Ray plugs Ray Romano's own TV show, Everybody Loves Raymond. at the end of the show, telling everyone the time & network that it's on. "Catch it while you still can!" is a reference to the fact that "Raymond" is currently in it's final season.
Knockers is obviously a spoof of the popular big breasted waitress filled restaurant/sports bar Hooters.

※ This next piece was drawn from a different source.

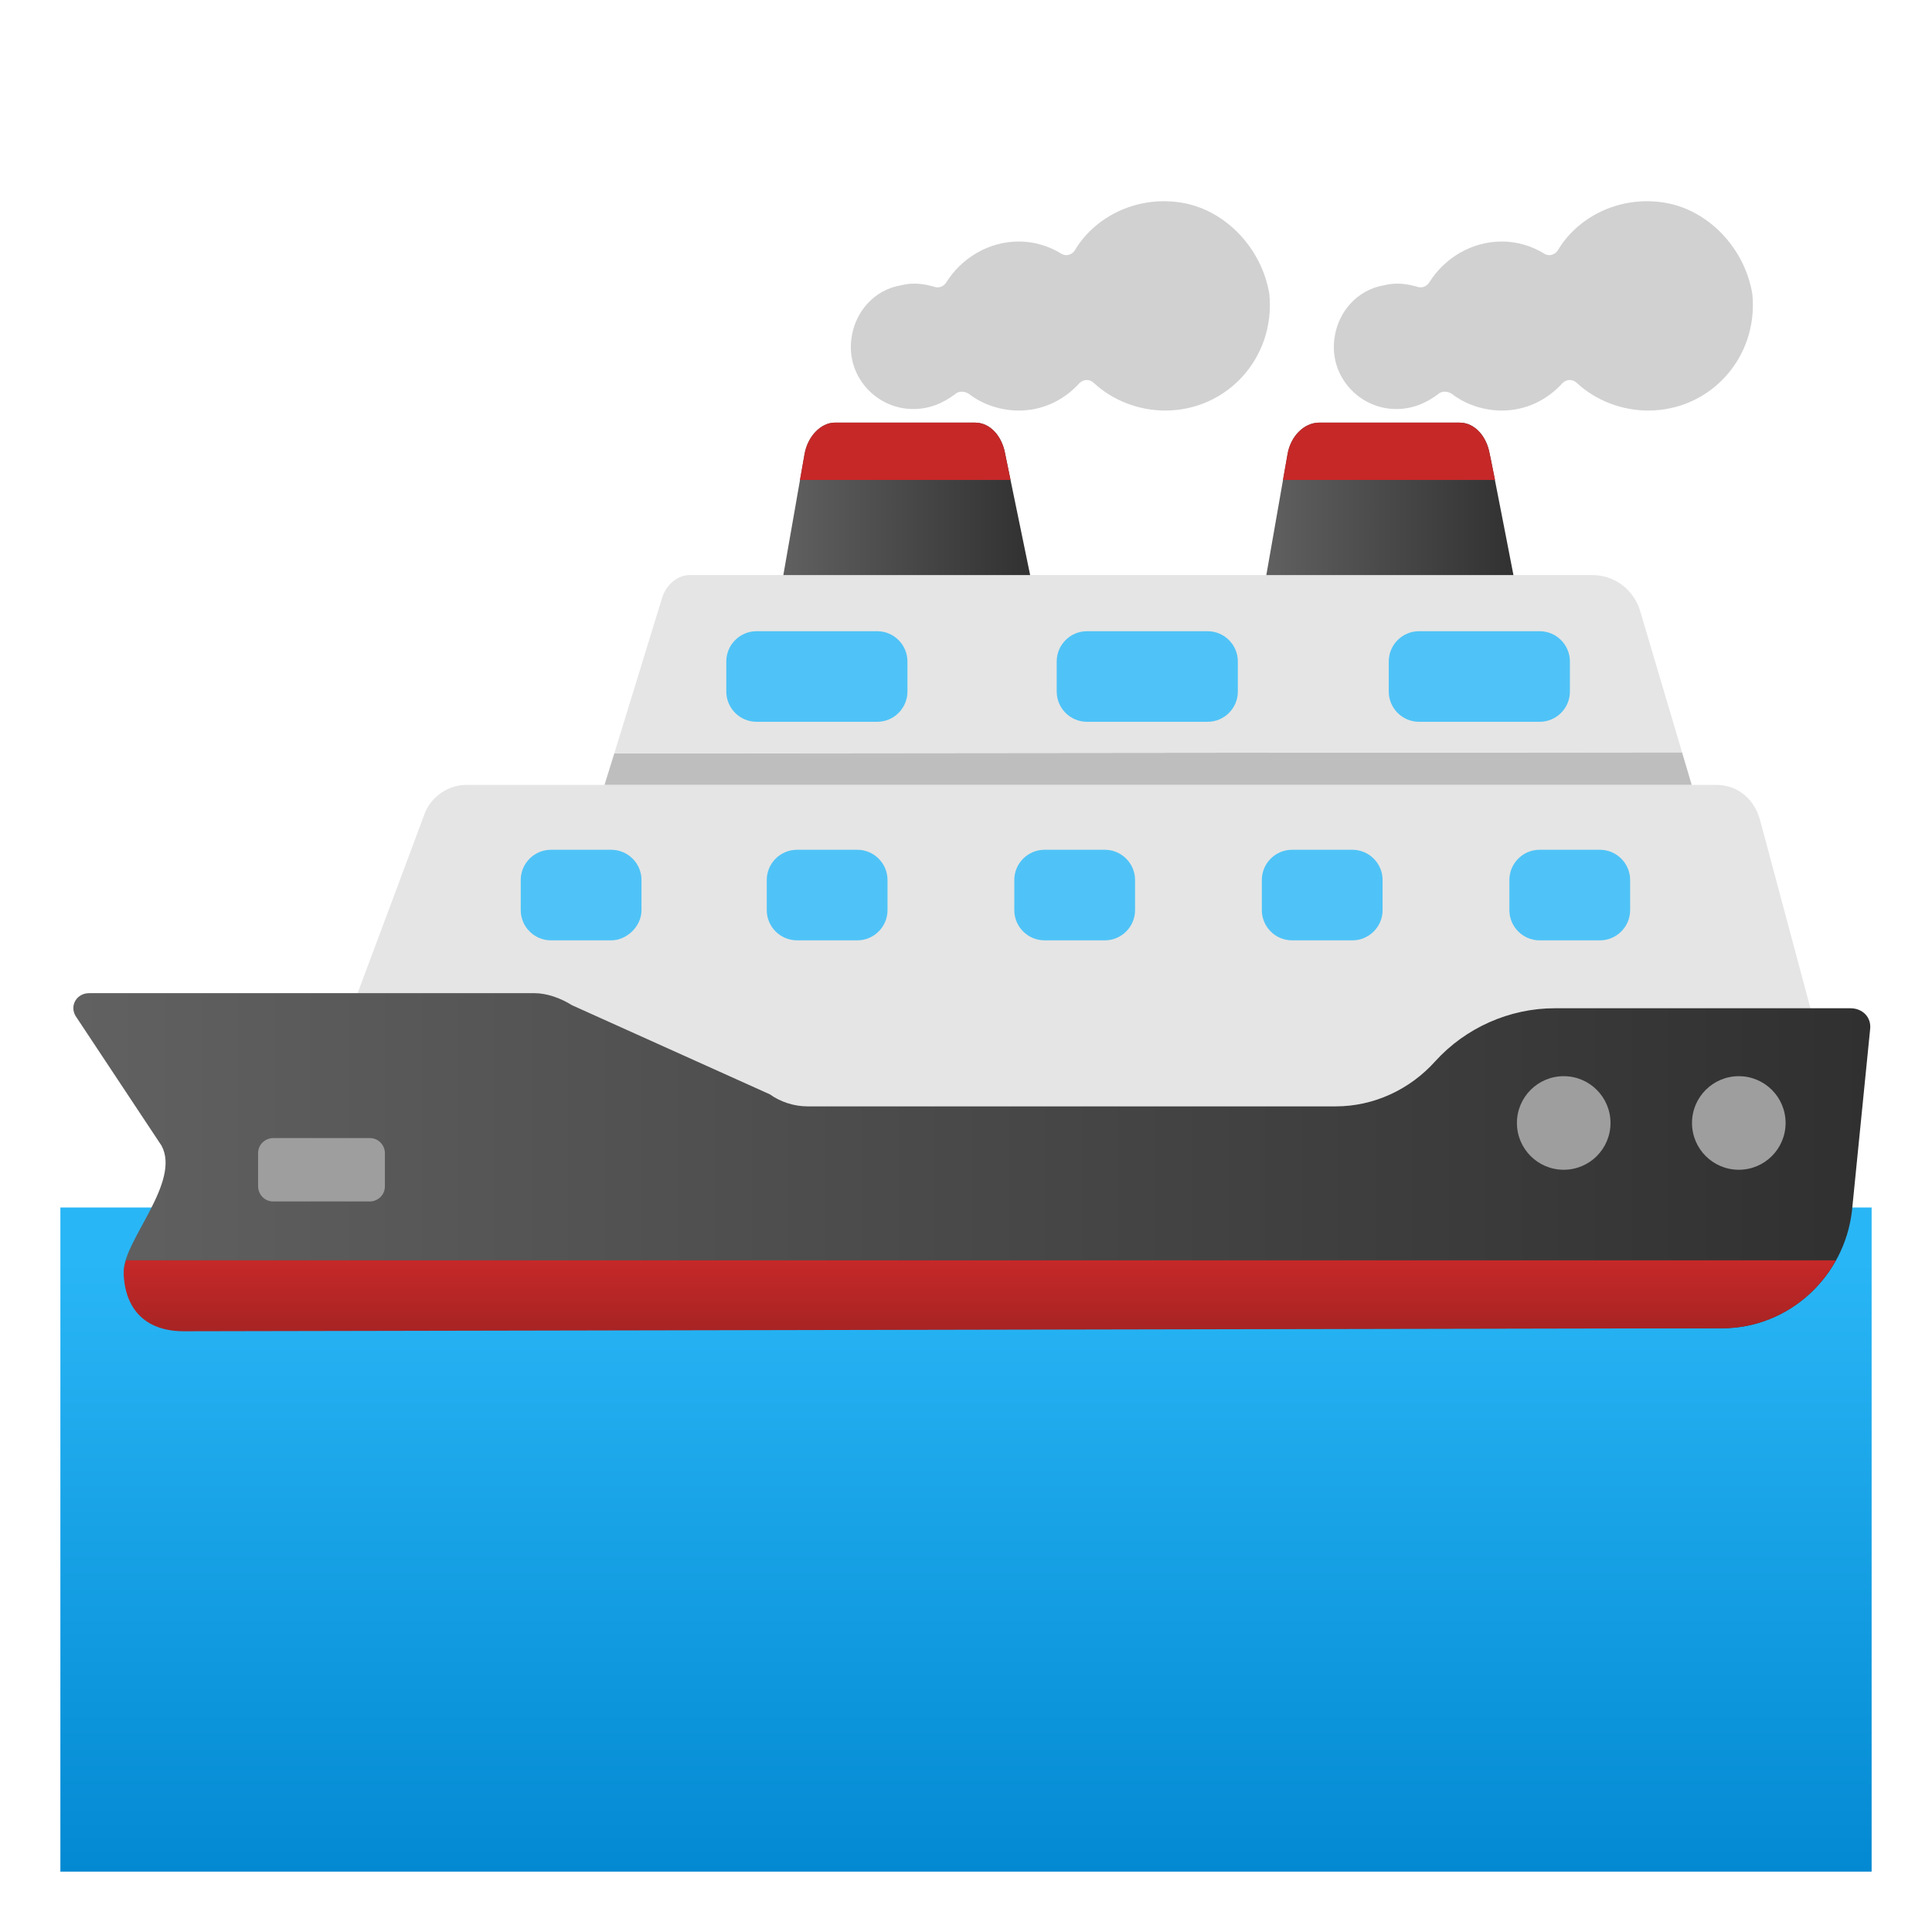 <svg enable-background="new 0 0 128 128" viewBox="0 0 128 128" xmlns="http://www.w3.org/2000/svg"><linearGradient id="e" x1="51.6" x2="68.6" y1="33.9" y2="33.9" gradientUnits="userSpaceOnUse"><stop stop-color="#616161" offset="0"/><stop stop-color="#303030" offset="1"/></linearGradient><path d="m68.6 39.8h-17l1.7-9.7c0.2-1.2 1.1-2.1 2-2.1h9.3c1 0 1.8 0.9 2 2.1l2 9.7z" fill="url(#e)"/><path d="M66.95,31.8H53l0.3-1.7c0.2-1.2,1.1-2.1,2-2.1h9.3c1,0,1.8,0.9,2,2.1L66.95,31.8z" fill="#C62828"/><path d="m78.1 13.4c-2.9-0.4-5.6 1-6.9 3.2-0.2 0.3-0.6 0.4-0.9 0.2-0.8-0.5-1.8-0.8-2.8-0.8-2 0-3.8 1.1-4.8 2.7-0.2 0.3-0.5 0.4-0.8 0.3-0.7-0.2-1.4-0.3-2.2-0.1-1.8 0.3-3.1 1.8-3.3 3.6-0.3 2.5 1.7 4.6 4.1 4.6 1.1 0 2-0.4 2.8-1 0.2-0.2 0.6-0.2 0.9 0 0.9 0.7 2.1 1.1 3.3 1.1 1.6 0 3-0.7 4-1.8 0.3-0.3 0.7-0.3 1 0 1.2 1.1 2.9 1.8 4.7 1.8 4.1 0 7.3-3.5 6.9-7.7-0.5-3.1-3-5.7-6-6.1z" fill="#D1D1D1"/><linearGradient id="d" x1="83.6" x2="100.6" y1="33.9" y2="33.9" gradientUnits="userSpaceOnUse"><stop stop-color="#616161" offset="0"/><stop stop-color="#303030" offset="1"/></linearGradient><path d="m100.6 39.8h-17l1.7-9.7c0.2-1.2 1.1-2.1 2.1-2.1h9.3c1 0 1.8 0.9 2 2.1 0-0.1 1.9 9.7 1.9 9.7z" fill="url(#d)"/><path d="m99.05 31.8h-14.05l0.3-1.7c0.2-1.2 1.1-2.1 2.1-2.1h9.3c1 0 1.8 0.9 2 2.1 0.01 0 0.14 0.69 0.35 1.7z" fill="#C62828"/><path d="m110.1 13.4c-2.9-0.4-5.6 1-6.9 3.2-0.2 0.3-0.6 0.4-0.9 0.2-0.8-0.5-1.8-0.8-2.8-0.8-2 0-3.8 1.1-4.8 2.7-0.2 0.3-0.5 0.4-0.8 0.3-0.7-0.2-1.4-0.3-2.2-0.1-1.8 0.3-3.1 1.8-3.3 3.6-0.3 2.5 1.7 4.6 4.1 4.6 1.1 0 2-0.4 2.8-1 0.2-0.2 0.6-0.2 0.9 0 0.9 0.7 2.1 1.1 3.3 1.1 1.6 0 3-0.7 4-1.8 0.3-0.3 0.7-0.3 1 0 1.2 1.1 2.9 1.8 4.7 1.8 4.1 0 7.3-3.5 6.9-7.7-0.5-3.1-3-5.7-6-6.1z" fill="#D1D1D1"/><path d="m113.7 52h-82.8c-1.2 0-2.4 0.8-2.8 2l-9 24.1h94.9l6-11.1-3.4-12.7c-0.4-1.4-1.5-2.3-2.9-2.3z" fill="#E5E5E5"/><polygon points="112.08 52 40.05 52 40.7 49.91 111.44 49.84" fill="#BFBEBE"/><path d="m111.44 49.84-70.74 0.07 3.2-10.41c0.3-0.8 1-1.4 1.8-1.4h59.8c1.5 0 2.8 1 3.2 2.5l2.74 9.24z" fill="#E5E5E5"/><linearGradient id="c" x1="64" x2="64" y1="550.78" y2="592.93" gradientTransform="translate(0 -467.28)" gradientUnits="userSpaceOnUse"><stop stop-color="#29B6F6" offset="0"/><stop stop-color="#0288D1" offset=".983"/></linearGradient><rect x="4" y="80" width="120" height="44" fill="url(#c)"/><linearGradient id="b" x1="4.859" x2="123.91" y1="76.95" y2="76.95" gradientUnits="userSpaceOnUse"><stop stop-color="#616161" offset="0"/><stop stop-color="#303030" offset="1"/></linearGradient><path d="m95.1 70.3c-1.7 1.9-4.1 3-6.6 3h-35c-0.9 0-1.8-0.3-2.5-0.8l-13.1-5.9c-0.8-0.5-1.7-0.8-2.5-0.8h-29.5c-0.8 0-1.3 0.8-0.9 1.5l5.7 8.6c1.3 2.4-2.5 6.3-2.5 8.3 0 1.4 0.6 3.9 4 3.9l101.9-0.1c4.4 0 8.1-3.4 8.6-7.8l1.2-12c0.1-0.8-0.5-1.4-1.3-1.4h-19.6c-3 0-5.9 1.3-7.9 3.5z" fill="url(#b)"/><linearGradient id="a" x1="64.915" x2="64.915" y1="83.491" y2="90.424" gradientUnits="userSpaceOnUse"><stop stop-color="#C62828" offset="0"/><stop stop-color="#922" offset="1"/></linearGradient><path d="m121.63 83.5c-1.48 2.69-4.32 4.5-7.53 4.5l-101.9 0.2c-3.4 0-4-2.5-4-3.9 0-0.24 0.06-0.51 0.16-0.8h113.27z" fill="url(#a)"/><path d="m102.01 47.82h-8c-1.1 0-2-0.9-2-2v-2c0-1.1 0.9-2 2-2h8c1.1 0 2 0.9 2 2v2c0 1.1-0.9 2-2 2z" fill="#4FC3F7"/><path d="m58.12 47.82h-8c-1.1 0-2-0.9-2-2v-2c0-1.1 0.9-2 2-2h8c1.1 0 2 0.9 2 2v2c0 1.1-0.9 2-2 2z" fill="#4FC3F7"/><path d="m80.01 47.82h-8c-1.1 0-2-0.9-2-2v-2c0-1.1 0.9-2 2-2h8c1.1 0 2 0.9 2 2v2c0 1.1-0.9 2-2 2z" fill="#4FC3F7"/><path d="m40.5 62.3h-4c-1.1 0-2-0.9-2-2v-2c0-1.1 0.9-2 2-2h4c1.1 0 2 0.9 2 2v2c0 1.1-1 2-2 2z" fill="#4FC3F7"/><path d="m56.8 62.3h-4c-1.1 0-2-0.9-2-2v-2c0-1.1 0.9-2 2-2h4c1.1 0 2 0.9 2 2v2c0 1.1-0.9 2-2 2z" fill="#4FC3F7"/><path d="m73.2 62.3h-4c-1.1 0-2-0.9-2-2v-2c0-1.1 0.9-2 2-2h4c1.1 0 2 0.9 2 2v2c0 1.1-0.9 2-2 2z" fill="#4FC3F7"/><path d="m89.6 62.3h-4c-1.1 0-2-0.9-2-2v-2c0-1.1 0.9-2 2-2h4c1.1 0 2 0.9 2 2v2c0 1.1-0.9 2-2 2z" fill="#4FC3F7"/><path d="m106 62.3h-4c-1.1 0-2-0.9-2-2v-2c0-1.1 0.9-2 2-2h4c1.1 0 2 0.9 2 2v2c0 1.1-0.9 2-2 2z" fill="#4FC3F7"/><circle cx="103.6" cy="74.4" r="3.1" fill="#9E9E9E"/><circle cx="115.2" cy="74.4" r="3.1" fill="#9E9E9E"/><path d="m24.5 75.4h-6.4c-0.5 0-1 0.4-1 1v2.2c0 0.5 0.4 1 1 1h6.4c0.5 0 1-0.4 1-1v-2.2c0-0.5-0.4-1-1-1z" fill="#9E9E9E"/></svg>

Episode Title: Don't Fear The Roofer
The episode title is a parody of the band Blue Oyster Cult's hit, "Don't Fear The Reaper."
n/a: Sesame Street
Homer's friend Ray the roofer actually exists, while no one else believes he exists (because he leaves just before others arrive, or other circumstances). This references Big Bird's "imaginary friend" Mr. Snuffleupagus during the early years of Sesame Street. In the end, Homer is vindicated (when Ray shows up at the mental institution), just like Big Bird was when everyone saw Snuffy.